**PROBLEM TO WORK ON:**
Retrieve all lines below that have the string "degrees".

**RAW DATA:**
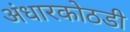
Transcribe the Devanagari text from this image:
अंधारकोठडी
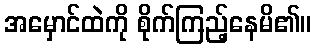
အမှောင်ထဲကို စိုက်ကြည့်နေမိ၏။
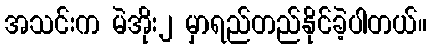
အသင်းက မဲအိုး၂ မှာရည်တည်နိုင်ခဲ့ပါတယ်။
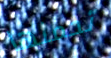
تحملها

==

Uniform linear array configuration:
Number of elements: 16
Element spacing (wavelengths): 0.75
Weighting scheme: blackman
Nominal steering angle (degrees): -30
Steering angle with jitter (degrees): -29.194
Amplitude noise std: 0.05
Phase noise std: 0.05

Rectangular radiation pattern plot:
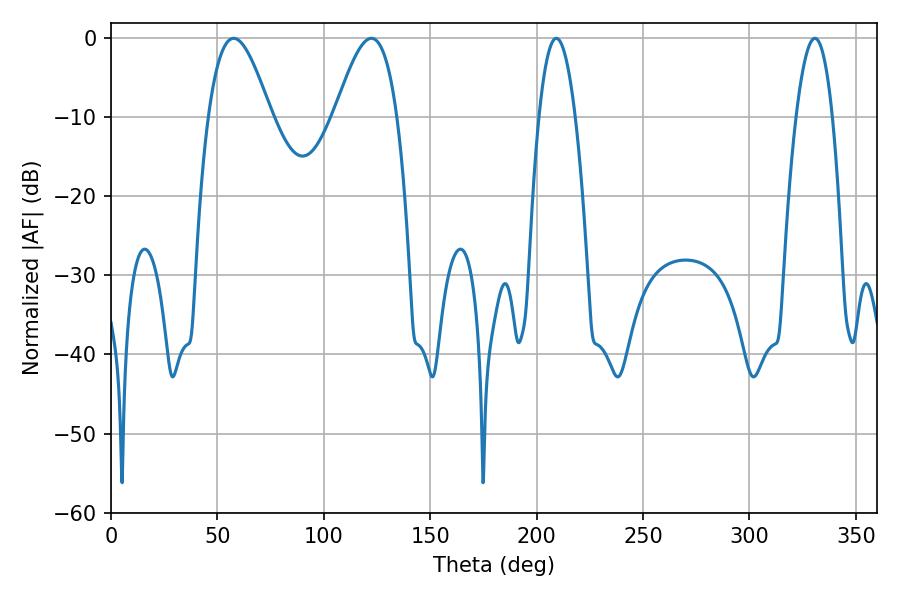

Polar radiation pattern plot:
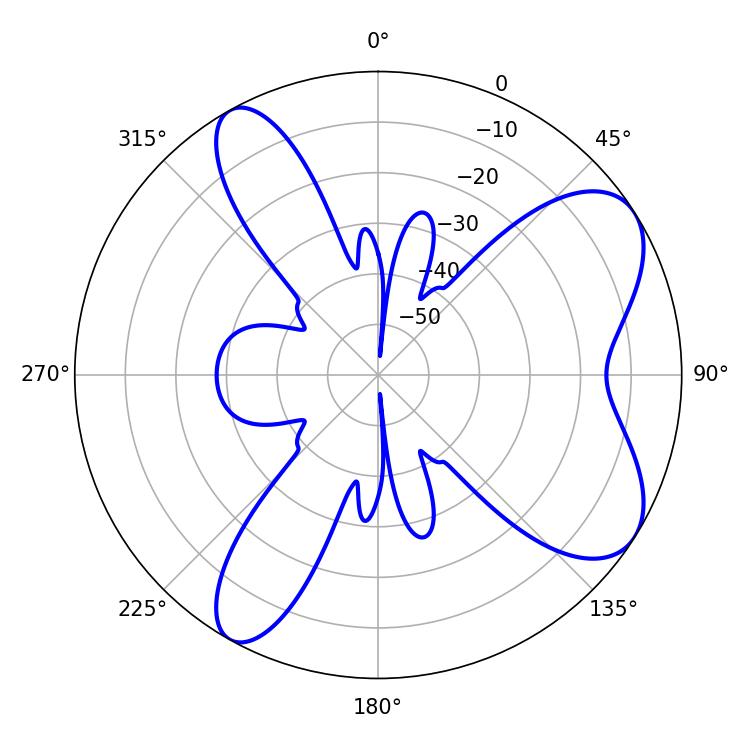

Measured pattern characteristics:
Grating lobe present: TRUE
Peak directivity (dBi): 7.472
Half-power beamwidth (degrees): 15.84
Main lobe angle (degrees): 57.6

**EXERCISE RESULT:**
Nominal steering angle (degrees): -30
Steering angle with jitter (degrees): -29.194
Half-power beamwidth (degrees): 15.84
Main lobe angle (degrees): 57.6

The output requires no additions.